Length() counts upto the first occurance of é and ignores the rest of
the line.
It seems that the problem is related to the chosen language and
character encoding.
I have LANG=en_US.UTF-8.
Best regards,
Rita Bylsma
#
# NAME
# bug_special_letters.awk :: Proves and analysis a bug in gawk 3.1.6 (The
precompiled package of Ubuntu 8.10, Intrepid).
# Namely that the special letter é (='e) is
treated badly by match() and by length().
#
# SYNOPSIS
# grep '^# ' bug_special_letters.awk To read the
proof as found on my system.
# gawk -f bug_special_letters.awk bug_special_letters.awk To test on your
own system.
#
#
# DESCRIPTION
#
# In match(), the /./ expression does not match the special letter é (='e),
while it is matched by ~.
# Furthermore, match() may match a line containing an é, but set RLENGTH to -2.

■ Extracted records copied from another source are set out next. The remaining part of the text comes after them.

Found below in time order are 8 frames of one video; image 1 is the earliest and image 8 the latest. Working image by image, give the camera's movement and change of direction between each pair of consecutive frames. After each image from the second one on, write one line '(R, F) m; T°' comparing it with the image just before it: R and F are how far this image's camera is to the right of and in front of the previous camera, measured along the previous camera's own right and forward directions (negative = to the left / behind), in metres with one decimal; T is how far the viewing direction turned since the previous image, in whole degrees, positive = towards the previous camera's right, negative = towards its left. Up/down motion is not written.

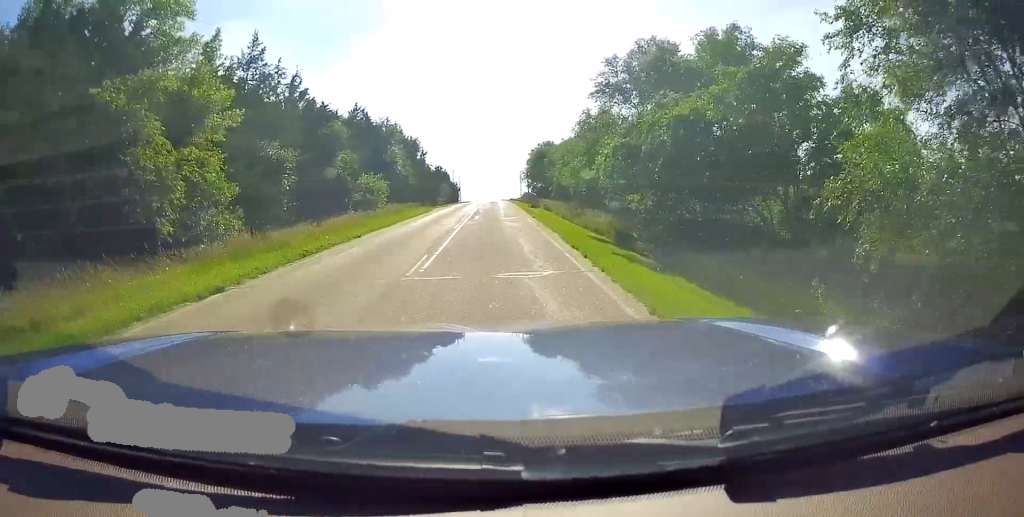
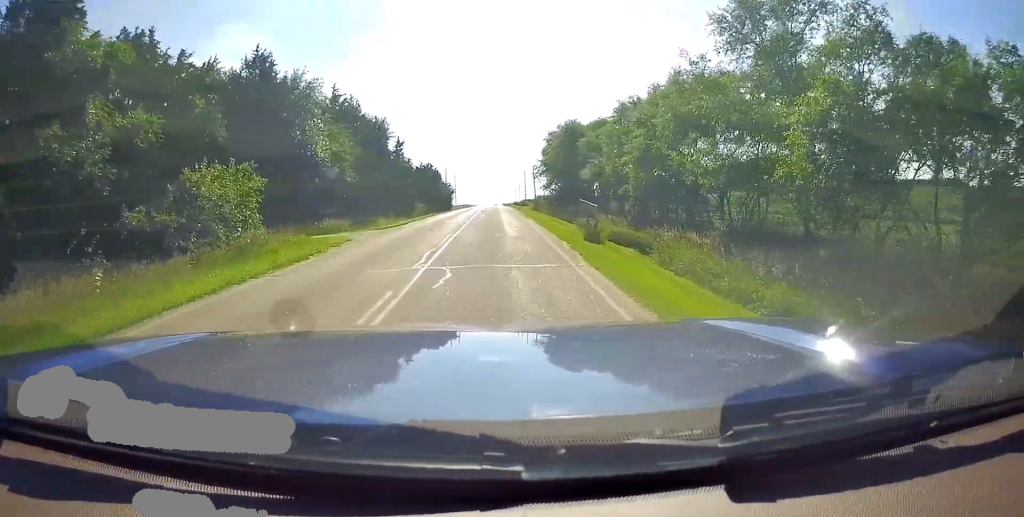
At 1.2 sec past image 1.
(+0.7, +28.5) m; +2°
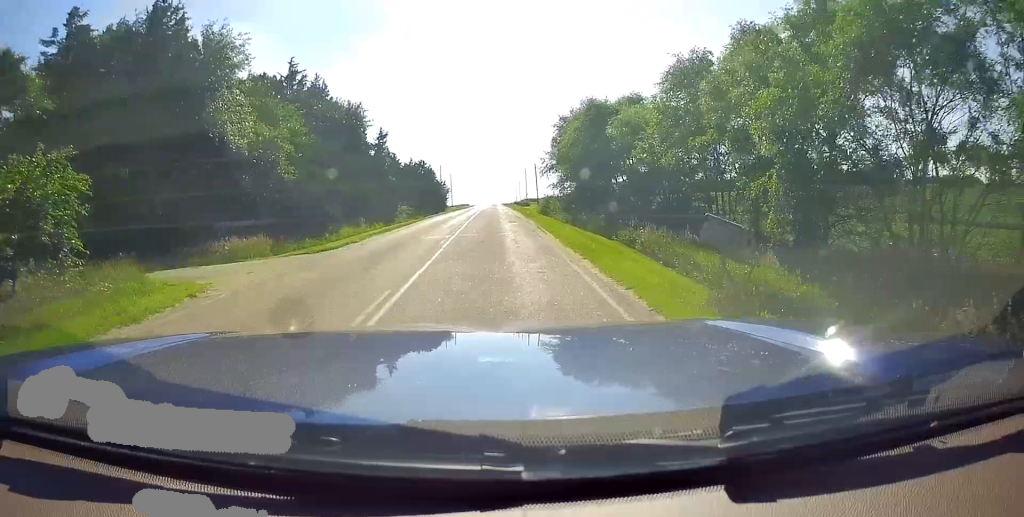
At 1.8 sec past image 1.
(-0.1, +11.9) m; +1°
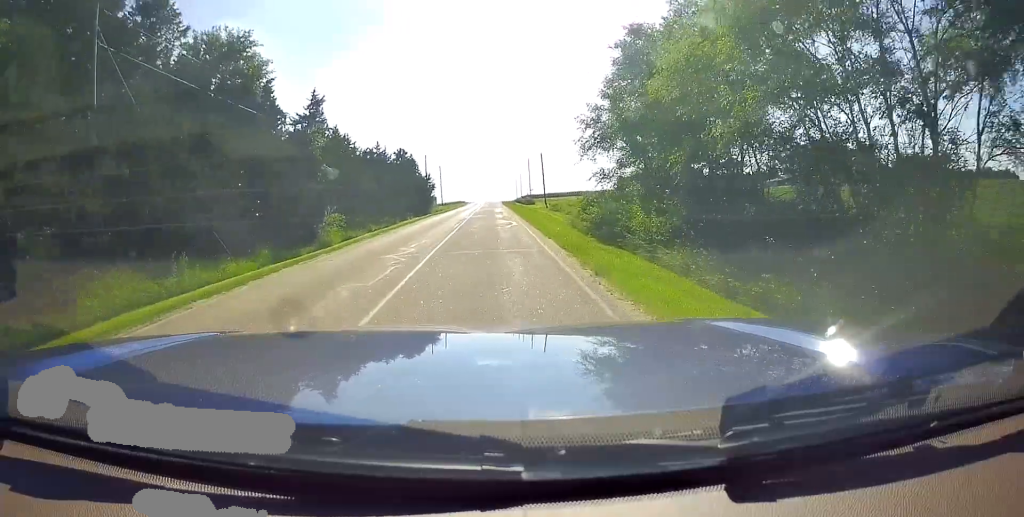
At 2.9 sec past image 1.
(+0.5, +26.4) m; 0°
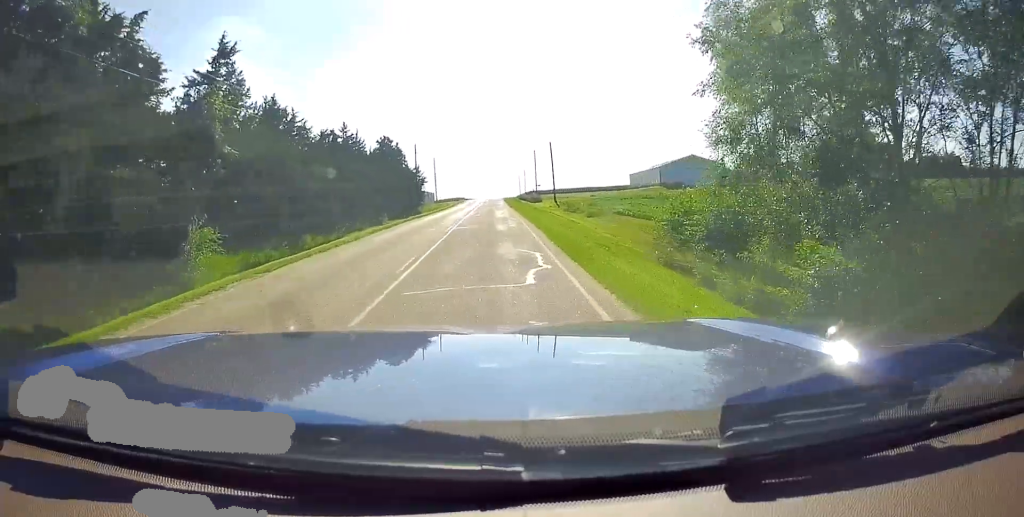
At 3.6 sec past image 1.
(-0.4, +17.0) m; -2°
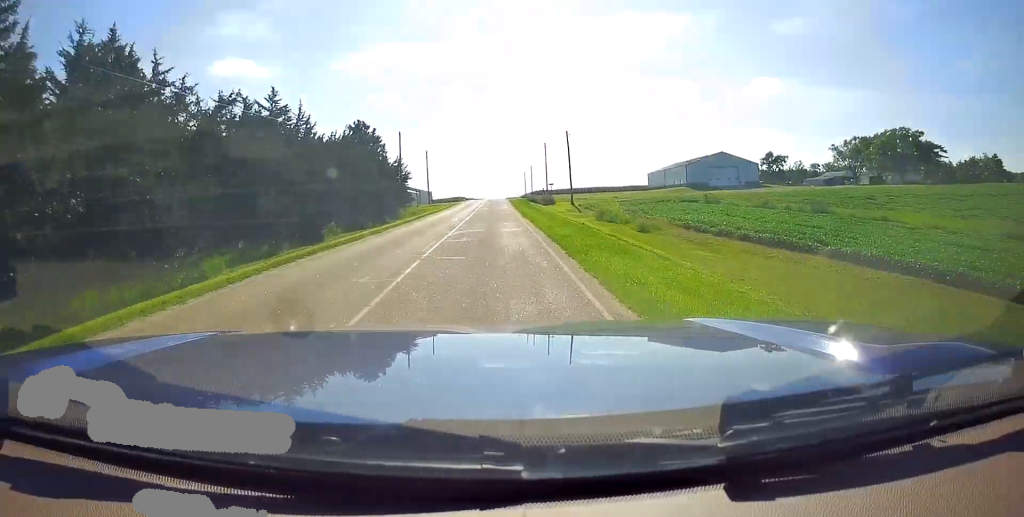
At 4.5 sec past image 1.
(-0.4, +19.2) m; -1°
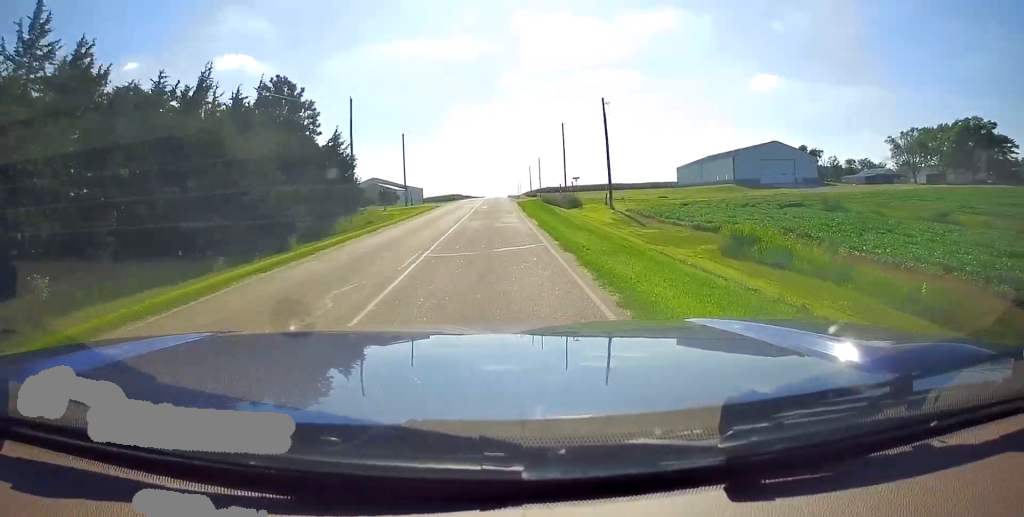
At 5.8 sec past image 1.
(+0.2, +27.5) m; +1°
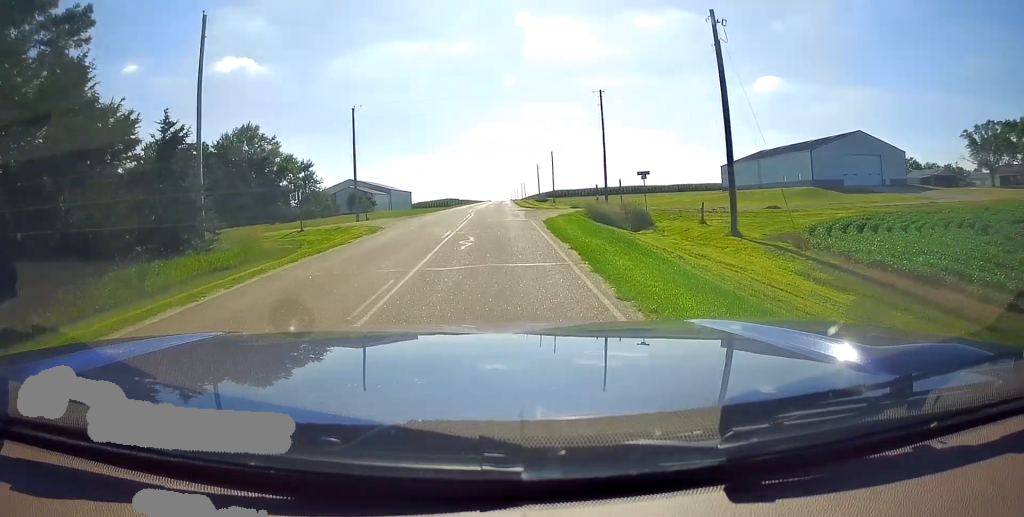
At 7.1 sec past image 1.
(+0.1, +28.4) m; 0°

# Length() counts upto the first occurance of é and ignores the rest of the
line.
#
# Other special letters where not tested.
#
# It seems that the problem is related to the chosen language and character
encoding.
# I have LANG=en_US.UTF-8.
#
# Below is the output of my test, as found on my system. There are colorcodes
in it to
# see immediately where the errors are, if read on the console, for example
with grep.
#
# Note that some errors can generally be detected by this script, but in some
cases
# gawk has no way of detecting that it is doing something wrong.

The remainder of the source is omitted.